He was a person who had survived into the twentieth century in a very vital way from another era, a man who had been born into the age of serfdom (or Russian slavery) in his own land and seen it fall (around the same time American slavery fell), a man who was as well-known then as Gandhi and Martin Luther King, Jr., would later become (and a man who had already corresponded with Gandhi, famously), a man who was known for educating, and attempting to free, the serfs on his own land before the national reforms came along, a man who had started a globally-known peace movement called Tolstoyism based on the real and true teachings of Jesus Christ taken directly from the Gospels, and a man who, if the world had listened to him back then, could have solved ALL of the world’s current problems today via the solutions he was offering at the time, a man so well-known and so accomplished that he deserved not just the Noble Prize in Literature (see the list at the end of this essay) but also the Nobel Peace Prize, like very few others in history (except, perhaps, figures like Bob Dylan, John Lennon, Bob Marley and Martin Luther King, Jr., all of whom could have been awarded the Literature prize as well as the Peace prize based on their work in both fields).

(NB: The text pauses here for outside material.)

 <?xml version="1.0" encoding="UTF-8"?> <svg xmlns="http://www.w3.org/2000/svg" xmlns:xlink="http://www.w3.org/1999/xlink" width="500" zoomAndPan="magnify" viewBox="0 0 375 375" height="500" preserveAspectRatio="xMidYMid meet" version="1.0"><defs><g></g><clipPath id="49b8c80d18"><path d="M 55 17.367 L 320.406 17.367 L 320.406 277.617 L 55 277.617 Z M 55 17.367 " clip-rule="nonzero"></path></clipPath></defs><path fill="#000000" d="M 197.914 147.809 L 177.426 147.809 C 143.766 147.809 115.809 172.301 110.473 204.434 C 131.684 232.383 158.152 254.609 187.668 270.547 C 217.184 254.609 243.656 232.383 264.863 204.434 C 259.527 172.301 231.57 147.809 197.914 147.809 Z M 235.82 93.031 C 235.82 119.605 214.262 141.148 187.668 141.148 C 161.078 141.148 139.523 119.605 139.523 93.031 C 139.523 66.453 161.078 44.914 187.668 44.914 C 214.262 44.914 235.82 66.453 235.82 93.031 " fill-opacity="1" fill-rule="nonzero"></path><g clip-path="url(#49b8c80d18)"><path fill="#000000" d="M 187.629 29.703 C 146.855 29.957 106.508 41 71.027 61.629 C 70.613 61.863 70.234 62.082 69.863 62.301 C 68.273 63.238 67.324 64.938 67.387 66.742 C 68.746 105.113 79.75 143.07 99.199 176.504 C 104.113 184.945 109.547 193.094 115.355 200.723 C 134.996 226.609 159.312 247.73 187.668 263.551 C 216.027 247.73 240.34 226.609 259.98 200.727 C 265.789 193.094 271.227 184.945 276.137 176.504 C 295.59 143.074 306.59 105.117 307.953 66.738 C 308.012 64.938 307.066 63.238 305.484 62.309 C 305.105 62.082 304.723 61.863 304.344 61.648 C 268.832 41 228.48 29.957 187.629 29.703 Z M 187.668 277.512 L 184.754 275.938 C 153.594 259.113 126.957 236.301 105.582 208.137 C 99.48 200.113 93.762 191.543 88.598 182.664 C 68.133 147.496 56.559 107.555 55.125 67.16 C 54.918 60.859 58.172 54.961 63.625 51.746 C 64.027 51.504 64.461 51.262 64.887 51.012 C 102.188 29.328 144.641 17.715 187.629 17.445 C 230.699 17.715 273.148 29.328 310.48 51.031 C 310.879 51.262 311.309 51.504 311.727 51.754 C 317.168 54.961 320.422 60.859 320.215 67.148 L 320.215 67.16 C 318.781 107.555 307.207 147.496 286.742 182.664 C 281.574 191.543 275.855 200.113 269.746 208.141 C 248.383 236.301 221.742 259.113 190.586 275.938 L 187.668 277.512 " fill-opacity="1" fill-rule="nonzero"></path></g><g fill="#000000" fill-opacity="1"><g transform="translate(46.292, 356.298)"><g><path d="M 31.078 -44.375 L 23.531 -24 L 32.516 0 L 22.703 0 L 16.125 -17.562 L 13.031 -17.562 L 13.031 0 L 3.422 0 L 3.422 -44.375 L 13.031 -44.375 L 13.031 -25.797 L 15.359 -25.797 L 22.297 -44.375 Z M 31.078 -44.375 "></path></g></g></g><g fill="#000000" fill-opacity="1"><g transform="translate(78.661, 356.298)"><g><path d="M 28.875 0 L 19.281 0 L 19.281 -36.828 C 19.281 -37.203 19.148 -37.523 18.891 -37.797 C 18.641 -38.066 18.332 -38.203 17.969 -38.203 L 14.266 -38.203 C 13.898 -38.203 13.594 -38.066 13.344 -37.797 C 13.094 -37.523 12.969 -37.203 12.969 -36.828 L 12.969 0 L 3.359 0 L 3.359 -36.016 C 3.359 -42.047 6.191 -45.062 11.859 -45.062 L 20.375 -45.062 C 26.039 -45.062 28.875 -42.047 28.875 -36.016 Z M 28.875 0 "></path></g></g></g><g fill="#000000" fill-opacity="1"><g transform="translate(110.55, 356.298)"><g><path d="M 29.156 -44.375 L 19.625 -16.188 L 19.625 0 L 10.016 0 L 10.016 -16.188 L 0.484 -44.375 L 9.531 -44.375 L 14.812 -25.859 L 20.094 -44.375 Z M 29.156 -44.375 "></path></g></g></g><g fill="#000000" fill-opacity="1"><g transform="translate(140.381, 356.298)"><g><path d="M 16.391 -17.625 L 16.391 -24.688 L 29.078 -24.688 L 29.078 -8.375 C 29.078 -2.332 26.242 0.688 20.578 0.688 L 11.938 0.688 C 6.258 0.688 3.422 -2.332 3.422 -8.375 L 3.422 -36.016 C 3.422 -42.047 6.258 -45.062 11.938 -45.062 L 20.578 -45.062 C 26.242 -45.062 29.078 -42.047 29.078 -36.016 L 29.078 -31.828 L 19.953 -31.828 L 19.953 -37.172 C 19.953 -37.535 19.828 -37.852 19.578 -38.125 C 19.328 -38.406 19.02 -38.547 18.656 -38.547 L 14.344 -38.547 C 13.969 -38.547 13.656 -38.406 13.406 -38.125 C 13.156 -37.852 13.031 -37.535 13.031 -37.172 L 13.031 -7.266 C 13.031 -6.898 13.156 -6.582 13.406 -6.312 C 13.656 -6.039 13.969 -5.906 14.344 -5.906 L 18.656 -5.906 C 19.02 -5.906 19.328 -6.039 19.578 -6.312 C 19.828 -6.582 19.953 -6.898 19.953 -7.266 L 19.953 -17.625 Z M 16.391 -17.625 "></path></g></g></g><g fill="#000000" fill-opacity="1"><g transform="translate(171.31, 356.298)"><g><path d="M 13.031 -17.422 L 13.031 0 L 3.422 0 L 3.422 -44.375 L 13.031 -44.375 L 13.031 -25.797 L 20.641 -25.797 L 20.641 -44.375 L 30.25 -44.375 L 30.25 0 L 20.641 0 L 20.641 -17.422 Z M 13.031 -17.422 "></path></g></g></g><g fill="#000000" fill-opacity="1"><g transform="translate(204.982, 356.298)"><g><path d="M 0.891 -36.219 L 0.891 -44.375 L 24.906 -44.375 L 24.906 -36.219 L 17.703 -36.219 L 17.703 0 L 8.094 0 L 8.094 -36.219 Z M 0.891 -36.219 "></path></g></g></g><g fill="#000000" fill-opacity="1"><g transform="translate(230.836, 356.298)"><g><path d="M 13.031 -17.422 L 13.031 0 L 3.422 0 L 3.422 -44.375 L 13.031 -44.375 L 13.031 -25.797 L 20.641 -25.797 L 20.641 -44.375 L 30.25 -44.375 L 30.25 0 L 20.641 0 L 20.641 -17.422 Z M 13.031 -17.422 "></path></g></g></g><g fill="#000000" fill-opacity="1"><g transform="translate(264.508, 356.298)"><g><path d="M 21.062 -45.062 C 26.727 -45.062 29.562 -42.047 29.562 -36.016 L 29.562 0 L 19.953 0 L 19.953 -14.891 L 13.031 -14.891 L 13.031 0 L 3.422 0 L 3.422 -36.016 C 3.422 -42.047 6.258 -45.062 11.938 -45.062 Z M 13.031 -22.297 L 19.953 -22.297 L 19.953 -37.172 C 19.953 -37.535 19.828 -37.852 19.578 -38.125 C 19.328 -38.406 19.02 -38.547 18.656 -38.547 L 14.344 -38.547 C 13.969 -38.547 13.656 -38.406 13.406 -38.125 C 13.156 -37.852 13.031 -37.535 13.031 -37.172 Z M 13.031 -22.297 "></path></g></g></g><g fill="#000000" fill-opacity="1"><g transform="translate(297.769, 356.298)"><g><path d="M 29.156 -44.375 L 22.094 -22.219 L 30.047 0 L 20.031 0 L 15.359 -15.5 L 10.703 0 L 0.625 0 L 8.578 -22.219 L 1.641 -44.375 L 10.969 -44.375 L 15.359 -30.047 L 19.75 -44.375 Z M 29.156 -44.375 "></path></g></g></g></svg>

1909 was also the centenary of Abraham Lincoln’s birth. A reporter came to ask Tolstoy to write something about Lincoln for this event. He found the great, long-bearded, long-haired, physically frail and elderly man and writer too sick to rise from bed or pick up a pen for long, but somehow still able to think and talk just as clearly as ever.

Tolstoy surprised the world, just a little bit, by what he told the reporter that day, when he called Lincoln the greatest national hero and national leader of all time, a man who would, in a couple of centuries, make all other national heroes and leaders look like nothing compared to him. “Of all the great national heroes and statesmen of history Lincoln is the only real giant,” Tolstoy said.

Tolstoy listed “depth of feeling, greatness of character, and a certain moral power” as the qualities that made Lincoln so much greater than the other heroes and leaders. Tolstoy said, “His genius is still too strong and too powerful for the common understanding, just as the sun is too hot when its light beams directly on us.” He said that Lincoln’s “supremacy expresses itself altogether in his peculiar moral power and in the greatness of his character.” He said that Lincoln, “wanted to be great through his smallness.”

Tolstoy said of Lincoln: “He was what Beethoven was in music, Dante in poetry, Raphael in painting, and Christ in the philosophy of life. He aspired to be divine – and he was.”

***

America is on the verge of its next civil war, or is already in the beginnings of it.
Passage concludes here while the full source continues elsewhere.